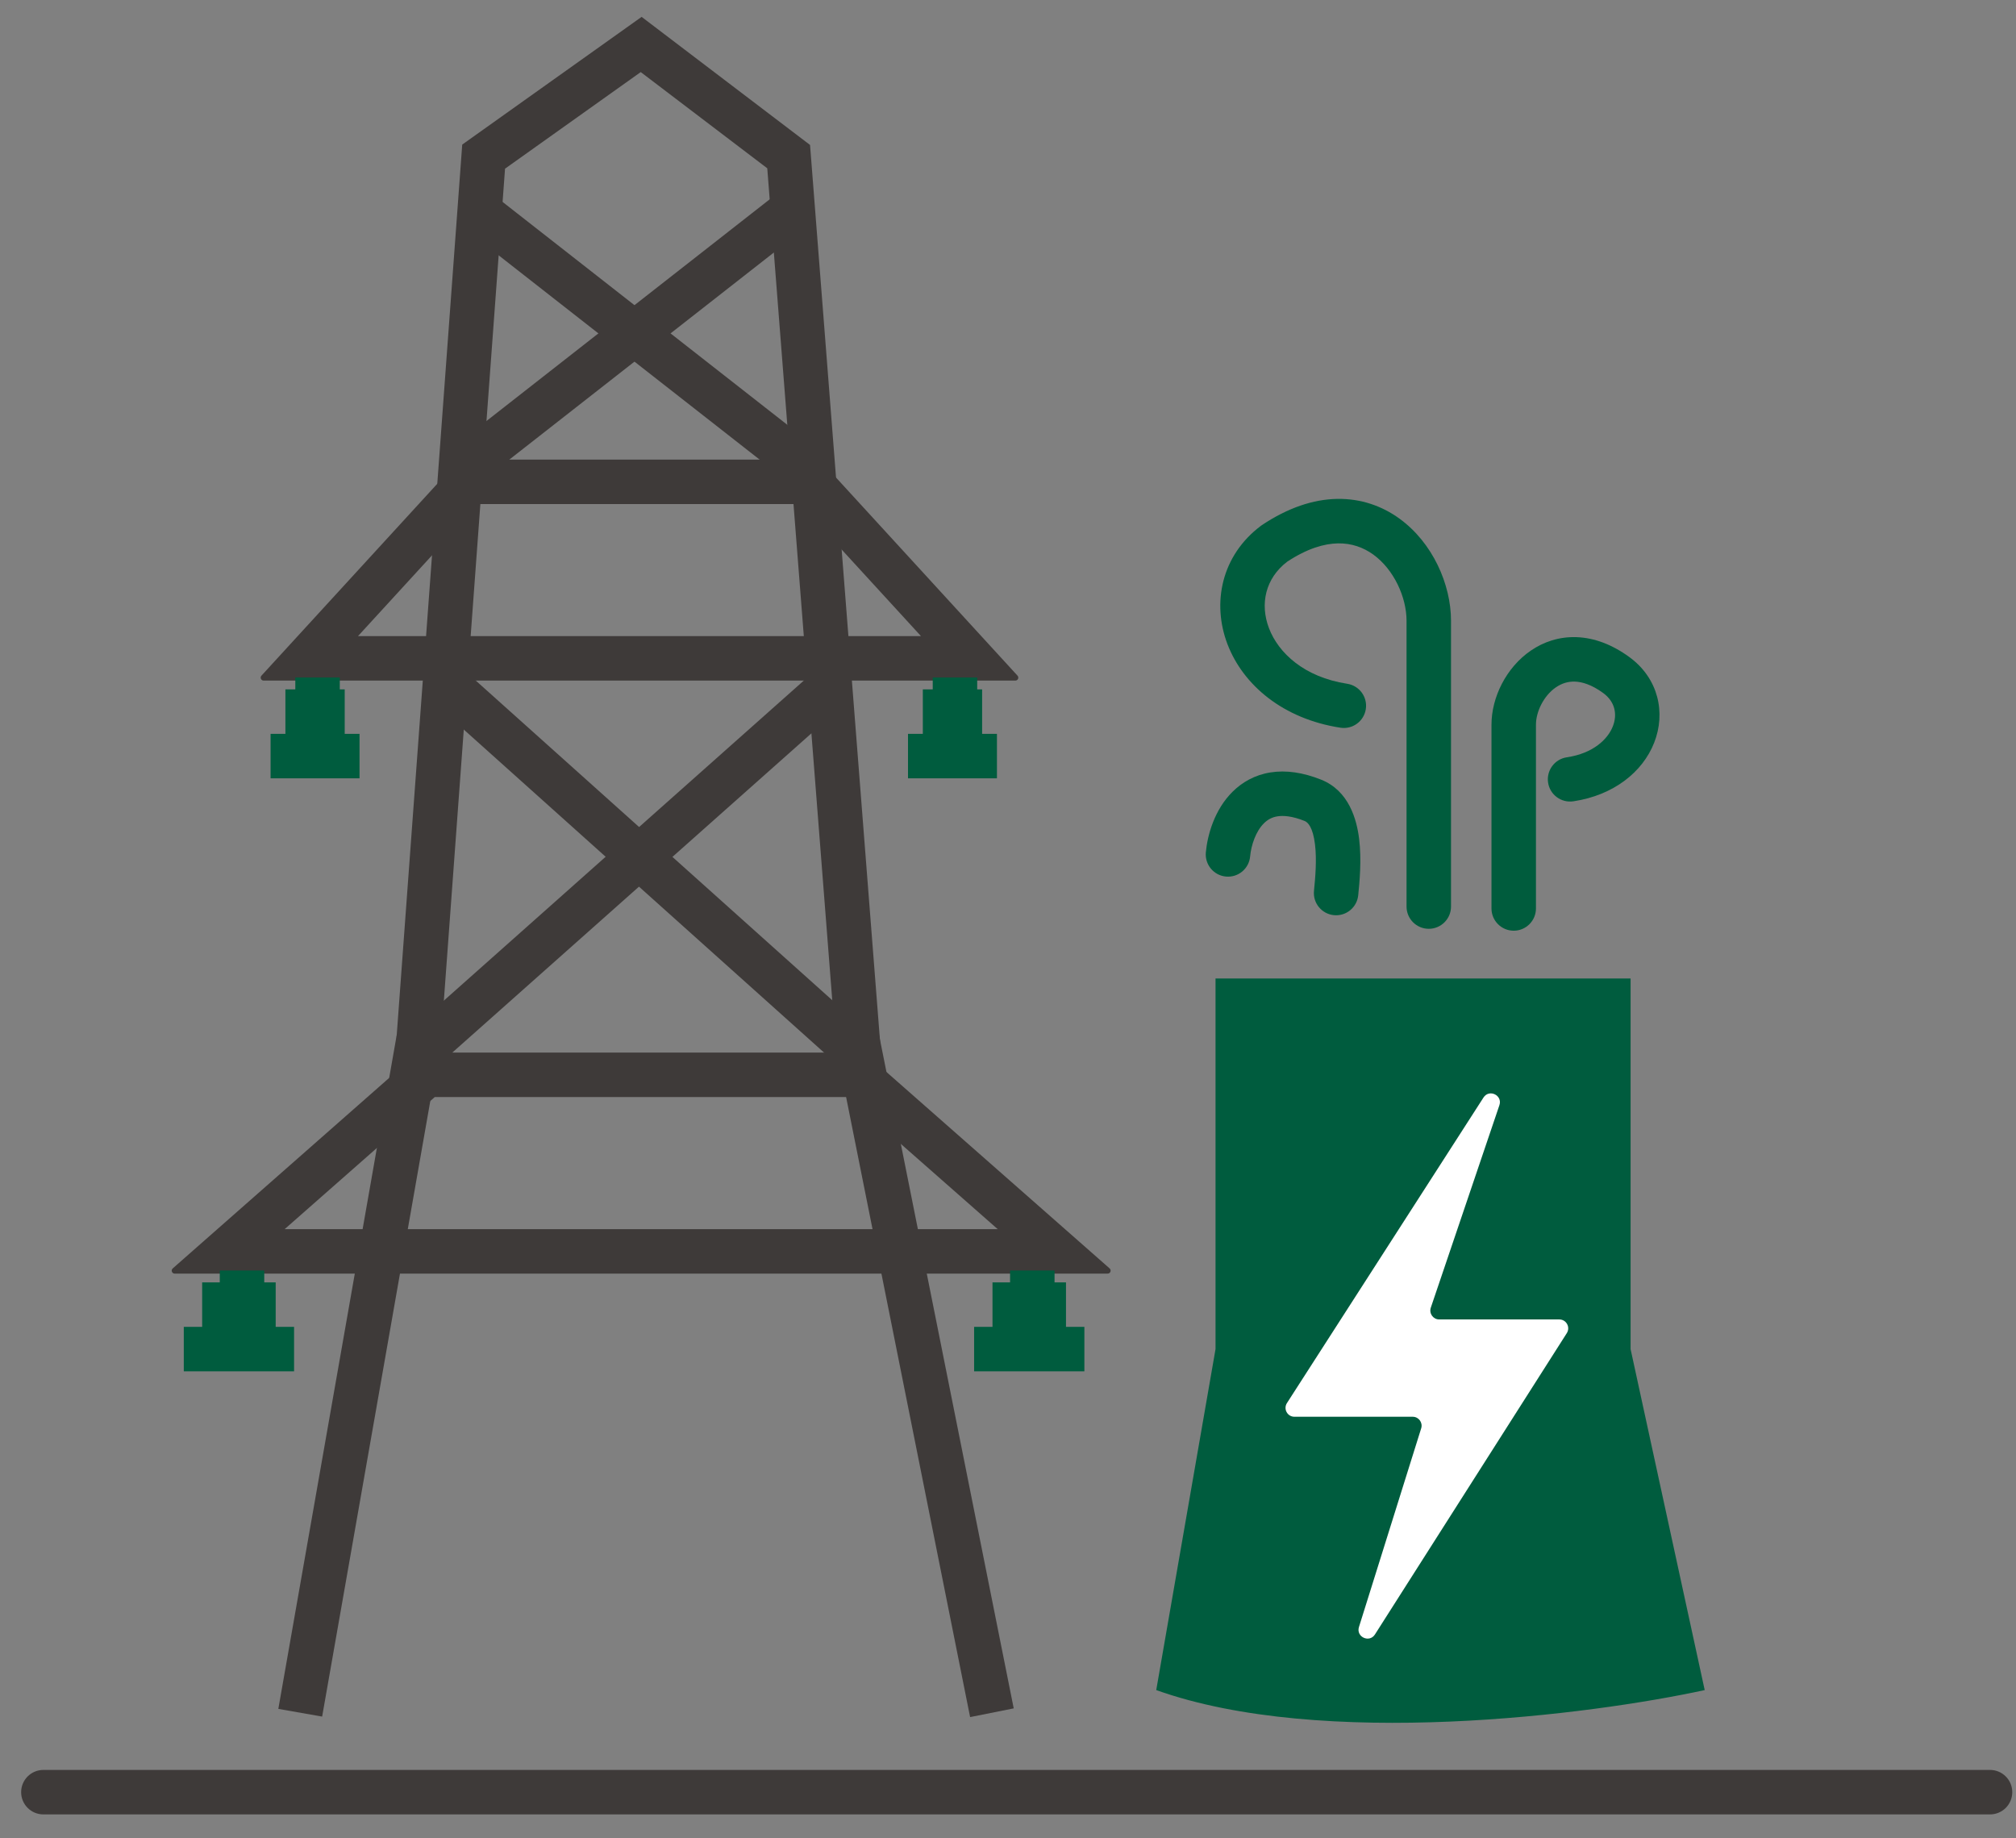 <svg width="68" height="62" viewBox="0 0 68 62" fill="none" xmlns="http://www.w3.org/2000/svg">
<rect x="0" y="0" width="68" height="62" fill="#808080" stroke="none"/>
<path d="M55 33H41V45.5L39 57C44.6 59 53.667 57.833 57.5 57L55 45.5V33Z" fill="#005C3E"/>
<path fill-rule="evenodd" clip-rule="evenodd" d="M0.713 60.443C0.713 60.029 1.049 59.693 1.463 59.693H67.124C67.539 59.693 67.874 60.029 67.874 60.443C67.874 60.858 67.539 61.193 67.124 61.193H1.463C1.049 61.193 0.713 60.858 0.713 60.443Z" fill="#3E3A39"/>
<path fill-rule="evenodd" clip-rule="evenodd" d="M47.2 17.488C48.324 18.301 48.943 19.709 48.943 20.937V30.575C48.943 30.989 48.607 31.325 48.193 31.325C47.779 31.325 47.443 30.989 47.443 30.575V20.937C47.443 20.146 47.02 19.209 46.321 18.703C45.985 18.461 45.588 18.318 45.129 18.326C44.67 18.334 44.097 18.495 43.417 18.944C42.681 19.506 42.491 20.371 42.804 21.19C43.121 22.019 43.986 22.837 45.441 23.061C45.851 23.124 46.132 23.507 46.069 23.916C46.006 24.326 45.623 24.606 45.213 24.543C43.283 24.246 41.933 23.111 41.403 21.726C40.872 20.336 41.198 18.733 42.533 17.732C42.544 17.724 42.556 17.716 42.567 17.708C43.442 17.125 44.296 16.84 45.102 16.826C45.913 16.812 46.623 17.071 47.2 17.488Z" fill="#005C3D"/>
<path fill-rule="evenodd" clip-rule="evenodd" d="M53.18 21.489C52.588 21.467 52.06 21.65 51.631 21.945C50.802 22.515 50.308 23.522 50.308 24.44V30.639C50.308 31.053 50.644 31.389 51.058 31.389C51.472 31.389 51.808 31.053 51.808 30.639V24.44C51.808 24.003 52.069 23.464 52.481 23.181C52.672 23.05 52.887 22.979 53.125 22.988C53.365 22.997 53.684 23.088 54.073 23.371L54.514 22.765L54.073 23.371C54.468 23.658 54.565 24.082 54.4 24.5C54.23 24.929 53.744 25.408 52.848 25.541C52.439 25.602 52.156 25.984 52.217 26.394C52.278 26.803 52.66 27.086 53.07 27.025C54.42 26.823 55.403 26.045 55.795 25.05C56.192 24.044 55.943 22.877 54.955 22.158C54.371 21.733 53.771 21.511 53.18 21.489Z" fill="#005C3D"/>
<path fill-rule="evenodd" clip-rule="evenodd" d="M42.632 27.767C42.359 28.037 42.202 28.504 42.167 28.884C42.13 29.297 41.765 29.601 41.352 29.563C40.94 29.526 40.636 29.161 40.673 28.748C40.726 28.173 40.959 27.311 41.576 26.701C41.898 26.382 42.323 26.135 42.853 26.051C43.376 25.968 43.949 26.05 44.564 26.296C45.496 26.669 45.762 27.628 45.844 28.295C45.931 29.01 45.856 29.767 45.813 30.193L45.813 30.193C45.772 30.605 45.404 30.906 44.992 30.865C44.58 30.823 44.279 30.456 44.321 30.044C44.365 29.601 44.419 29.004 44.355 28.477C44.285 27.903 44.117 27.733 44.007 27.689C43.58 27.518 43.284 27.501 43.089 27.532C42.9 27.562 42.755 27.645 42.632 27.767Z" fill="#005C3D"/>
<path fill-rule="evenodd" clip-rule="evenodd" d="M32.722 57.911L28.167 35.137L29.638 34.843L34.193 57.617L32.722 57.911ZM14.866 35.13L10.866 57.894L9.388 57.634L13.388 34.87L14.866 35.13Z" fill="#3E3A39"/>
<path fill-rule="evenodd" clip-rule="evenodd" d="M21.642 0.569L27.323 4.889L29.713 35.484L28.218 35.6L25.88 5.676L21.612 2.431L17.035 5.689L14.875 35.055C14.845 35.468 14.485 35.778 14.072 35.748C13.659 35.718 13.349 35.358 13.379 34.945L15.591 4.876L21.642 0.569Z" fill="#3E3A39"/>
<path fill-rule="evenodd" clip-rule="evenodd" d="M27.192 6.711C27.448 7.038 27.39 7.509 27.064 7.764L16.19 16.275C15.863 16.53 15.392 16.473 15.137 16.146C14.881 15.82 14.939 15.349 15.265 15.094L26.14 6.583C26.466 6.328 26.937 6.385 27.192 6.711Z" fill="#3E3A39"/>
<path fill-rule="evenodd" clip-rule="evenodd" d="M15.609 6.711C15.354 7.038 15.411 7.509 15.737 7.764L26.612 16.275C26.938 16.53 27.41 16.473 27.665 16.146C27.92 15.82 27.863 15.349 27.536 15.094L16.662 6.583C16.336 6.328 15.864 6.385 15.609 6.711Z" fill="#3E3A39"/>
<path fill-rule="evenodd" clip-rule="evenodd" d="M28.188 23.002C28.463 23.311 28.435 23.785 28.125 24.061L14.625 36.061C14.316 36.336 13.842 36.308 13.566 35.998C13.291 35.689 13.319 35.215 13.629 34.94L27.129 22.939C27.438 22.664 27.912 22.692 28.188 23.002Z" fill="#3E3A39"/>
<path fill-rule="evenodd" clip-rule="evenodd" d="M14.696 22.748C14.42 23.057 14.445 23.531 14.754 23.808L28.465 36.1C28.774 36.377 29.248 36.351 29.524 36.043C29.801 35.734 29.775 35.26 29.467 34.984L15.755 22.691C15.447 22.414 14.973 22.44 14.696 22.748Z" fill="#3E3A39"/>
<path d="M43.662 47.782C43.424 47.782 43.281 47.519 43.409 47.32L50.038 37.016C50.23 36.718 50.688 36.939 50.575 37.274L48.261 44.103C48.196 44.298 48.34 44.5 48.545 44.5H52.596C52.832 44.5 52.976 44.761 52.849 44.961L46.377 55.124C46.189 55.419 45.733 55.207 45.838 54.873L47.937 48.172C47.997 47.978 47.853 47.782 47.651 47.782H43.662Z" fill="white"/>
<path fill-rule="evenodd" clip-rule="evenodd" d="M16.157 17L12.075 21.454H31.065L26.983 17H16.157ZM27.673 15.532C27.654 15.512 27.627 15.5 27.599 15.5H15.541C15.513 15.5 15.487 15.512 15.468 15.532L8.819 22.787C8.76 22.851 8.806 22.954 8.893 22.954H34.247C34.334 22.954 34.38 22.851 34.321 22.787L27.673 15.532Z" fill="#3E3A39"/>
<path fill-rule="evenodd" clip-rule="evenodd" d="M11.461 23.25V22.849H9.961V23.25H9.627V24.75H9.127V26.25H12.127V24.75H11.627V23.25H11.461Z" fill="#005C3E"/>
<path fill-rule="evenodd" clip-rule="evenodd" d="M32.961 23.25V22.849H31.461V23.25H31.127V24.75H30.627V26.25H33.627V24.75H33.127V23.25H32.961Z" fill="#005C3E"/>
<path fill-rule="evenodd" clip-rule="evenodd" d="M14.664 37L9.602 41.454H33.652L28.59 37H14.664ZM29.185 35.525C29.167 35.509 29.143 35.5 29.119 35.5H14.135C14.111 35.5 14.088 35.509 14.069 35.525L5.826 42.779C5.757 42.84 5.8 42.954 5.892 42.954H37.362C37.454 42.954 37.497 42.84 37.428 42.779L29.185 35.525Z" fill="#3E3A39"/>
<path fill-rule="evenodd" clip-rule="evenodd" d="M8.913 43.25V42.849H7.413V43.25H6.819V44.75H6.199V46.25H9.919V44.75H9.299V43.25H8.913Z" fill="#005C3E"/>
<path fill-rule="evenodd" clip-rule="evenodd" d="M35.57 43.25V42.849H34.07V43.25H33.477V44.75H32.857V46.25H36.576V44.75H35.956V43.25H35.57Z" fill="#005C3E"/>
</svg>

Activity:
Leave out the pictures and print each record exactly as it stands.

Answer below:
 <svg width="68" height="62" viewBox="0 0 68 62" fill="none" xmlns="http://www.w3.org/2000/svg">
<rect x="0" y="0" width="68" height="62" fill="#808080" stroke="none"/>
<path d="M55 33H41V45.5L39 57C44.6 59 53.667 57.833 57.5 57L55 45.5V33Z" fill="#005C3E"/>
<path fill-rule="evenodd" clip-rule="evenodd" d="M0.713 60.443C0.713 60.029 1.049 59.693 1.463 59.693H67.124C67.539 59.693 67.874 60.029 67.874 60.443C67.874 60.858 67.539 61.193 67.124 61.193H1.463C1.049 61.193 0.713 60.858 0.713 60.443Z" fill="#3E3A39"/>
<path fill-rule="evenodd" clip-rule="evenodd" d="M47.2 17.488C48.324 18.301 48.943 19.709 48.943 20.937V30.575C48.943 30.989 48.607 31.325 48.193 31.325C47.779 31.325 47.443 30.989 47.443 30.575V20.937C47.443 20.146 47.02 19.209 46.321 18.703C45.985 18.461 45.588 18.318 45.129 18.326C44.67 18.334 44.097 18.495 43.417 18.944C42.681 19.506 42.491 20.371 42.804 21.19C43.121 22.019 43.986 22.837 45.441 23.061C45.851 23.124 46.132 23.507 46.069 23.916C46.006 24.326 45.623 24.606 45.213 24.543C43.283 24.246 41.933 23.111 41.403 21.726C40.872 20.336 41.198 18.733 42.533 17.732C42.544 17.724 42.556 17.716 42.567 17.708C43.442 17.125 44.296 16.84 45.102 16.826C45.913 16.812 46.623 17.071 47.2 17.488Z" fill="#005C3D"/>
<path fill-rule="evenodd" clip-rule="evenodd" d="M53.18 21.489C52.588 21.467 52.06 21.65 51.631 21.945C50.802 22.515 50.308 23.522 50.308 24.44V30.639C50.308 31.053 50.644 31.389 51.058 31.389C51.472 31.389 51.808 31.053 51.808 30.639V24.44C51.808 24.003 52.069 23.464 52.481 23.181C52.672 23.05 52.887 22.979 53.125 22.988C53.365 22.997 53.684 23.088 54.073 23.371L54.514 22.765L54.073 23.371C54.468 23.658 54.565 24.082 54.4 24.5C54.23 24.929 53.744 25.408 52.848 25.541C52.439 25.602 52.156 25.984 52.217 26.394C52.278 26.803 52.66 27.086 53.07 27.025C54.42 26.823 55.403 26.045 55.795 25.05C56.192 24.044 55.943 22.877 54.955 22.158C54.371 21.733 53.771 21.511 53.18 21.489Z" fill="#005C3D"/>
<path fill-rule="evenodd" clip-rule="evenodd" d="M42.632 27.767C42.359 28.037 42.202 28.504 42.167 28.884C42.13 29.297 41.765 29.601 41.352 29.563C40.94 29.526 40.636 29.161 40.673 28.748C40.726 28.173 40.959 27.311 41.576 26.701C41.898 26.382 42.323 26.135 42.853 26.051C43.376 25.968 43.949 26.05 44.564 26.296C45.496 26.669 45.762 27.628 45.844 28.295C45.931 29.01 45.856 29.767 45.813 30.193L45.813 30.193C45.772 30.605 45.404 30.906 44.992 30.865C44.58 30.823 44.279 30.456 44.321 30.044C44.365 29.601 44.419 29.004 44.355 28.477C44.285 27.903 44.117 27.733 44.007 27.689C43.58 27.518 43.284 27.501 43.089 27.532C42.9 27.562 42.755 27.645 42.632 27.767Z" fill="#005C3D"/>
<path fill-rule="evenodd" clip-rule="evenodd" d="M32.722 57.911L28.167 35.137L29.638 34.843L34.193 57.617L32.722 57.911ZM14.866 35.13L10.866 57.894L9.388 57.634L13.388 34.87L14.866 35.13Z" fill="#3E3A39"/>
<path fill-rule="evenodd" clip-rule="evenodd" d="M21.642 0.569L27.323 4.889L29.713 35.484L28.218 35.6L25.88 5.676L21.612 2.431L17.035 5.689L14.875 35.055C14.845 35.468 14.485 35.778 14.072 35.748C13.659 35.718 13.349 35.358 13.379 34.945L15.591 4.876L21.642 0.569Z" fill="#3E3A39"/>
<path fill-rule="evenodd" clip-rule="evenodd" d="M27.192 6.711C27.448 7.038 27.39 7.509 27.064 7.764L16.19 16.275C15.863 16.53 15.392 16.473 15.137 16.146C14.881 15.82 14.939 15.349 15.265 15.094L26.14 6.583C26.466 6.328 26.937 6.385 27.192 6.711Z" fill="#3E3A39"/>
<path fill-rule="evenodd" clip-rule="evenodd" d="M15.609 6.711C15.354 7.038 15.411 7.509 15.737 7.764L26.612 16.275C26.938 16.53 27.41 16.473 27.665 16.146C27.92 15.82 27.863 15.349 27.536 15.094L16.662 6.583C16.336 6.328 15.864 6.385 15.609 6.711Z" fill="#3E3A39"/>
<path fill-rule="evenodd" clip-rule="evenodd" d="M28.188 23.002C28.463 23.311 28.435 23.785 28.125 24.061L14.625 36.061C14.316 36.336 13.842 36.308 13.566 35.998C13.291 35.689 13.319 35.215 13.629 34.94L27.129 22.939C27.438 22.664 27.912 22.692 28.188 23.002Z" fill="#3E3A39"/>
<path fill-rule="evenodd" clip-rule="evenodd" d="M14.696 22.748C14.42 23.057 14.445 23.531 14.754 23.808L28.465 36.1C28.774 36.377 29.248 36.351 29.524 36.043C29.801 35.734 29.775 35.26 29.467 34.984L15.755 22.691C15.447 22.414 14.973 22.44 14.696 22.748Z" fill="#3E3A39"/>
<path d="M43.662 47.782C43.424 47.782 43.281 47.519 43.409 47.32L50.038 37.016C50.23 36.718 50.688 36.939 50.575 37.274L48.261 44.103C48.196 44.298 48.34 44.5 48.545 44.5H52.596C52.832 44.5 52.976 44.761 52.849 44.961L46.377 55.124C46.189 55.419 45.733 55.207 45.838 54.873L47.937 48.172C47.997 47.978 47.853 47.782 47.651 47.782H43.662Z" fill="white"/>
<path fill-rule="evenodd" clip-rule="evenodd" d="M16.157 17L12.075 21.454H31.065L26.983 17H16.157ZM27.673 15.532C27.654 15.512 27.627 15.5 27.599 15.5H15.541C15.513 15.5 15.487 15.512 15.468 15.532L8.819 22.787C8.76 22.851 8.806 22.954 8.893 22.954H34.247C34.334 22.954 34.38 22.851 34.321 22.787L27.673 15.532Z" fill="#3E3A39"/>
<path fill-rule="evenodd" clip-rule="evenodd" d="M11.461 23.25V22.849H9.961V23.25H9.627V24.75H9.127V26.25H12.127V24.75H11.627V23.25H11.461Z" fill="#005C3E"/>
<path fill-rule="evenodd" clip-rule="evenodd" d="M32.961 23.25V22.849H31.461V23.25H31.127V24.75H30.627V26.25H33.627V24.75H33.127V23.25H32.961Z" fill="#005C3E"/>
<path fill-rule="evenodd" clip-rule="evenodd" d="M14.664 37L9.602 41.454H33.652L28.59 37H14.664ZM29.185 35.525C29.167 35.509 29.143 35.5 29.119 35.5H14.135C14.111 35.5 14.088 35.509 14.069 35.525L5.826 42.779C5.757 42.84 5.8 42.954 5.892 42.954H37.362C37.454 42.954 37.497 42.84 37.428 42.779L29.185 35.525Z" fill="#3E3A39"/>
<path fill-rule="evenodd" clip-rule="evenodd" d="M8.913 43.25V42.849H7.413V43.25H6.819V44.75H6.199V46.25H9.919V44.75H9.299V43.25H8.913Z" fill="#005C3E"/>
<path fill-rule="evenodd" clip-rule="evenodd" d="M35.57 43.25V42.849H34.07V43.25H33.477V44.75H32.857V46.25H36.576V44.75H35.956V43.25H35.57Z" fill="#005C3E"/>
</svg>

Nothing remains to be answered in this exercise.